Of course, there have
been other things going on as well. (Here is where this column starts
to be less about the West brouhaha.) On New Year's Eve-right in
the middle of when West and Summers were brewing and ha-ha-ing all
over the national press-a grim incident took place in Trenton. I
read about it in the local papers; I don't think it made The New
York Times. It seems a 23-year-old aspiring boxer named William
Davis had an argument with the mother of his infant child. The woman,
reportedly, had taken out a restraining order against Davis, but-"lost
in love," in the words of his coach-Davis confronted her anyway
on that last night of the year. The police were called and came.
Davis had a gun. He wounded two officers. Two other officers shot
and killed Davis. It was all over in an instant.
I found the story very
sad-a troubled life ended in violence, a tragic moment that will
leave other lives scarred and troubled. Yet what also struck me
about the incident was how remote it seemed, how utterly foreign
to the university community I live in or the commuting/corporate
world in which I work. In Princeton, we worry about anthrax (after
all, our post office was closed down for a matter of days!), or
about whether our Christmas flight to Paris will be safe. We tend
not to worry about gun-toting ex-boyfriends. We get all worked up
about people shooting deer, not each other. At Davis's funeral,
held at the Union Baptist Church in Trenton (and reported in the
Trenton Times), the Rev. Simeon D. Spencer spoke of this profound
and troubling separation. "Look at Trenton and look at Princeton,"
he said. "We are not 15 miles apart. We are worlds apart."
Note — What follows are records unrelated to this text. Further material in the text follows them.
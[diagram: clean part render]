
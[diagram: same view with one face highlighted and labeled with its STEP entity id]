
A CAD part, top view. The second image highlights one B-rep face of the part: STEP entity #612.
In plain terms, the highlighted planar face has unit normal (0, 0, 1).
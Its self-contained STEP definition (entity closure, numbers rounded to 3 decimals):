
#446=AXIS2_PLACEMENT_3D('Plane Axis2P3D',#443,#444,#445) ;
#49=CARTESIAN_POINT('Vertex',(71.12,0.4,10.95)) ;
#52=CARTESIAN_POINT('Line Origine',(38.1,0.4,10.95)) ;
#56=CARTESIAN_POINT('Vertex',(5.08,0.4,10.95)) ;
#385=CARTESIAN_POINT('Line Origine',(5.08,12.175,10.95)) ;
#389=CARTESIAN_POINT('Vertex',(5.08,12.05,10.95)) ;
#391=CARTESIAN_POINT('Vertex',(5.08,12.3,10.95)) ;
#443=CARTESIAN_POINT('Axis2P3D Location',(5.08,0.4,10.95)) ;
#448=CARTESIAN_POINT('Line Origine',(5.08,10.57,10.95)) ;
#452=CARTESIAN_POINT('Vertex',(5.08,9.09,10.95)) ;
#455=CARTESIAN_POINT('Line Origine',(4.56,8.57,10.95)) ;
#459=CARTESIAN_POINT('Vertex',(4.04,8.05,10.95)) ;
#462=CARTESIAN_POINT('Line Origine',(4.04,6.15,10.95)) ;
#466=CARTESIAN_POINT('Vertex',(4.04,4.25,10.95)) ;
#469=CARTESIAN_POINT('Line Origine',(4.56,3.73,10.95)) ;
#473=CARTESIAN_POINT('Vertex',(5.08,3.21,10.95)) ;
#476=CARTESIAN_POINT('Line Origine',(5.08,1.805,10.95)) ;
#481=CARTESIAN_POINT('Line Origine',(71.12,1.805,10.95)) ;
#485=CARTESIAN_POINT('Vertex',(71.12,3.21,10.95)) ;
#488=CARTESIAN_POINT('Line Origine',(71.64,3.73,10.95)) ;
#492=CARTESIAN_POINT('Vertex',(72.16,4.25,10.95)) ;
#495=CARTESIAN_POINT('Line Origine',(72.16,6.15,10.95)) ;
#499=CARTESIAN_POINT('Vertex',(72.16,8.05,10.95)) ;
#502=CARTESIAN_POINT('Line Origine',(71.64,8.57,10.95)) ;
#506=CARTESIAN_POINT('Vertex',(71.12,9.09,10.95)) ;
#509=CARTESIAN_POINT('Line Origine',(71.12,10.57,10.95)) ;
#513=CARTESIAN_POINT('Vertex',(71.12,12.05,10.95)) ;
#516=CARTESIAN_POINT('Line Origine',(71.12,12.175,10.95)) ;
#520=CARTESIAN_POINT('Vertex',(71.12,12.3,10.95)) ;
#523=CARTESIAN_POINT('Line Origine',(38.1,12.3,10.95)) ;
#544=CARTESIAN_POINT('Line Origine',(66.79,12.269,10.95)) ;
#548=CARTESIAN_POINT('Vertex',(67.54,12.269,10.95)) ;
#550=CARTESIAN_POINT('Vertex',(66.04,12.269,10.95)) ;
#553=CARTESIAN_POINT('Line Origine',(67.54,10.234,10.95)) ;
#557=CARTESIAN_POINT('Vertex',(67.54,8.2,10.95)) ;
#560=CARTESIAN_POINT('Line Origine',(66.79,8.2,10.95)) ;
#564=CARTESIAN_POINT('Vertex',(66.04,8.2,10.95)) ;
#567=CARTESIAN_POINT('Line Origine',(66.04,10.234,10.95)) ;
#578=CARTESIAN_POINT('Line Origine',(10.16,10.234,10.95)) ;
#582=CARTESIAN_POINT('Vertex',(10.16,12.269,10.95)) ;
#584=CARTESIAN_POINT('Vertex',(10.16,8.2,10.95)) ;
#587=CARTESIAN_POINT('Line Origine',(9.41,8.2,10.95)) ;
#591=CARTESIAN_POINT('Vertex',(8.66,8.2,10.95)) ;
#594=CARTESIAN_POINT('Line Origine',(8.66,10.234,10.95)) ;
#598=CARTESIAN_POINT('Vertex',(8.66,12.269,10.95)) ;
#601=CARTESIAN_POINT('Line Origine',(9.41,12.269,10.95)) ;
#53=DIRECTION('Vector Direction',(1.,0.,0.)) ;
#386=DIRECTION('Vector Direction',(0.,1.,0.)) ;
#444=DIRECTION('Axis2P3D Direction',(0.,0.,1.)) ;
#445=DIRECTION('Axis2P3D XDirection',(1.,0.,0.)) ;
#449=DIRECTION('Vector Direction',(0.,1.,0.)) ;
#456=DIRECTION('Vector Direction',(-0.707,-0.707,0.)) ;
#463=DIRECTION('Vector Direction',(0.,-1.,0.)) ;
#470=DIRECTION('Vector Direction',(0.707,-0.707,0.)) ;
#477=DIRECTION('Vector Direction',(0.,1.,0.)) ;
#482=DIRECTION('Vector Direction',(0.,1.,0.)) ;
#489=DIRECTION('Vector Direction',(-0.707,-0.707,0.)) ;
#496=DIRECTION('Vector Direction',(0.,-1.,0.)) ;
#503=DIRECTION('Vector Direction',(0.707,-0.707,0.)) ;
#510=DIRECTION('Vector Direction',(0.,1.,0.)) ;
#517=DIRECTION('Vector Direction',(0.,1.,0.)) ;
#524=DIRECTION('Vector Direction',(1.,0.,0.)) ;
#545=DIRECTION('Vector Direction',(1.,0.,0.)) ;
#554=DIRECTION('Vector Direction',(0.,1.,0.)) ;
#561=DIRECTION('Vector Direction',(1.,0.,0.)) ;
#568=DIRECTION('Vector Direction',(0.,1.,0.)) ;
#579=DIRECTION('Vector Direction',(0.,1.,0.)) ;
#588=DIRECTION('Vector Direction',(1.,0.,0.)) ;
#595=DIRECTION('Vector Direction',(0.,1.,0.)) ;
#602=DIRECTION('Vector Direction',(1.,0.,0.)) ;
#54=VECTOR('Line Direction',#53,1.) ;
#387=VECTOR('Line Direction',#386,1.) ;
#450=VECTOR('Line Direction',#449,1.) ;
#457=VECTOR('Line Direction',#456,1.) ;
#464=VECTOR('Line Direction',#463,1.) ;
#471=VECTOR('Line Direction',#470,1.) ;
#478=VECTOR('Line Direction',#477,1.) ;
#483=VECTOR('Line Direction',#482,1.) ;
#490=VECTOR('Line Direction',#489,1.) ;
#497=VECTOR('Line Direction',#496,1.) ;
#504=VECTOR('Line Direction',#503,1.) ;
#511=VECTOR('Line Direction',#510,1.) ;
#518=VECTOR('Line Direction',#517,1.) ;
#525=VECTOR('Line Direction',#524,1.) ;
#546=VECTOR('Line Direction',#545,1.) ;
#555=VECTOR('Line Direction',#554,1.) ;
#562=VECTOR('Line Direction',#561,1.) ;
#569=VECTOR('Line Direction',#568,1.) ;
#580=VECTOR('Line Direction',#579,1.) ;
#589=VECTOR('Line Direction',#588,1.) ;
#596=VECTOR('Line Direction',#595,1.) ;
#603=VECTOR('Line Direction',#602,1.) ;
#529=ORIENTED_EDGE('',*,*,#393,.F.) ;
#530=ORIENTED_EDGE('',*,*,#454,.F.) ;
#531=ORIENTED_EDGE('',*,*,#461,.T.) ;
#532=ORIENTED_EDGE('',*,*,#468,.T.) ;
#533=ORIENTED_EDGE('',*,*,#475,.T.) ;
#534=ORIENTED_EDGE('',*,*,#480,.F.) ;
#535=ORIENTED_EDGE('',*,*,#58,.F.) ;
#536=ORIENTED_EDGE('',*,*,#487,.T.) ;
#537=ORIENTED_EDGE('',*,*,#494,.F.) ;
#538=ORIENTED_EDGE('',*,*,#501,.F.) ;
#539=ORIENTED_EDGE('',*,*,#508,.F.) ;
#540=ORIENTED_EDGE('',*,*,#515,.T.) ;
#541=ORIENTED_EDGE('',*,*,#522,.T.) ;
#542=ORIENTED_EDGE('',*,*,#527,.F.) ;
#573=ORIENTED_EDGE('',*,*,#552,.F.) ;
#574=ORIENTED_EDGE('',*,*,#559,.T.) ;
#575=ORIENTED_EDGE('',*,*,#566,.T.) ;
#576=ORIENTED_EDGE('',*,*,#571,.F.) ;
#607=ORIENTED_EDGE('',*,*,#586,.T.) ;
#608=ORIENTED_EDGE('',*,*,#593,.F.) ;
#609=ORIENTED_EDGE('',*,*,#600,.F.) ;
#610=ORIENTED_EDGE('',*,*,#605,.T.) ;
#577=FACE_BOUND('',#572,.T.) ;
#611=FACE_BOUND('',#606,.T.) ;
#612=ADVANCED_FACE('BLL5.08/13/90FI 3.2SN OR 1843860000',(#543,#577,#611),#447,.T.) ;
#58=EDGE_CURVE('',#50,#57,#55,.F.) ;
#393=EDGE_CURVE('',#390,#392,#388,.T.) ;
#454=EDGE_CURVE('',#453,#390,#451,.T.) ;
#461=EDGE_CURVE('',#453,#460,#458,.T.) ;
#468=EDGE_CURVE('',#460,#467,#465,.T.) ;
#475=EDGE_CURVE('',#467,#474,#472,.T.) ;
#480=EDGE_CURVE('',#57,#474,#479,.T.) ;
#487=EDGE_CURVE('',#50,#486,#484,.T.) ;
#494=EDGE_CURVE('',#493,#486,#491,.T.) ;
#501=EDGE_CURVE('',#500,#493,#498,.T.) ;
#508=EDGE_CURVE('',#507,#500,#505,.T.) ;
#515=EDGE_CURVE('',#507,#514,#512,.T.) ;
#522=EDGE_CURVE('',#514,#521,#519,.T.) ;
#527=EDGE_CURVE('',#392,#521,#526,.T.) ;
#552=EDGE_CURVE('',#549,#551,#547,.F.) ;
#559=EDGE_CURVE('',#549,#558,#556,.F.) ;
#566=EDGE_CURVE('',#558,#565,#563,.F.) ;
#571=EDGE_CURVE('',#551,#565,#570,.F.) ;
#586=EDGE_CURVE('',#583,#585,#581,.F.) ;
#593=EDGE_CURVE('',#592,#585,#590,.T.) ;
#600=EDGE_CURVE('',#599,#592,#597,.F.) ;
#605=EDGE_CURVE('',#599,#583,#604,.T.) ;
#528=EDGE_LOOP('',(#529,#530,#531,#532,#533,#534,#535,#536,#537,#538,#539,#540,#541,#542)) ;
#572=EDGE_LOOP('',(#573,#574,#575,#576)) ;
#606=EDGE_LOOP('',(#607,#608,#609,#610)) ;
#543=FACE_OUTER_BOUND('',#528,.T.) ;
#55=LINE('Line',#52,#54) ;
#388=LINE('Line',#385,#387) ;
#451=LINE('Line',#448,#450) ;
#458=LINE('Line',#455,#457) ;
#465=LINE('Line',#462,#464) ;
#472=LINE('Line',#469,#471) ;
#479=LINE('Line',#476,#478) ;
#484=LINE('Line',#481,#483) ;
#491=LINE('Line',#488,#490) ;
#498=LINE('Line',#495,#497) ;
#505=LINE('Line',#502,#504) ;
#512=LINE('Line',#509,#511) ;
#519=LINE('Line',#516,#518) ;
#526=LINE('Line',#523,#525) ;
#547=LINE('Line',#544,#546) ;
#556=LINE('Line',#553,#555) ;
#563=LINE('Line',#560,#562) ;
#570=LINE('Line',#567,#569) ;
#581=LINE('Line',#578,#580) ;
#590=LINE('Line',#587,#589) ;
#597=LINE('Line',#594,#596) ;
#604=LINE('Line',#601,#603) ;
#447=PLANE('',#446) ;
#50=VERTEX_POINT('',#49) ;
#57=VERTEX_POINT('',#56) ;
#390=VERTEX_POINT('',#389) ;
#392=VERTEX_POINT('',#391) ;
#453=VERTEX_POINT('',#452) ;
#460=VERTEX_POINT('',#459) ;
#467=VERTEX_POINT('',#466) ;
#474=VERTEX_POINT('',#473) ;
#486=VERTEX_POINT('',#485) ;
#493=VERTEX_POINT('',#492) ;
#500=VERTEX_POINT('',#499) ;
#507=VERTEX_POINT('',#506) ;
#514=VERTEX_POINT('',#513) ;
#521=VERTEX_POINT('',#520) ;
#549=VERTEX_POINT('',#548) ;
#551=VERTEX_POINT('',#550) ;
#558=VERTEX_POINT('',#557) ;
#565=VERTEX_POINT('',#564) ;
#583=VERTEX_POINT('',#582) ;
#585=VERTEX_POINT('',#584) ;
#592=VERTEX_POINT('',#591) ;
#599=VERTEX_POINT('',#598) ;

Spencer offered no solution,
and goodness knows I have none to offer here. The question of just
what Princeton's-or any university's-place in the community should
be is far from a Dinky one. It occurs to me, though, that as we
natter on about the Cornel West and Lawrence Summers and faculty
raids, we would do well to remember that such affairs, no matter
how heady or high-powered, are not exactly issues of life or death.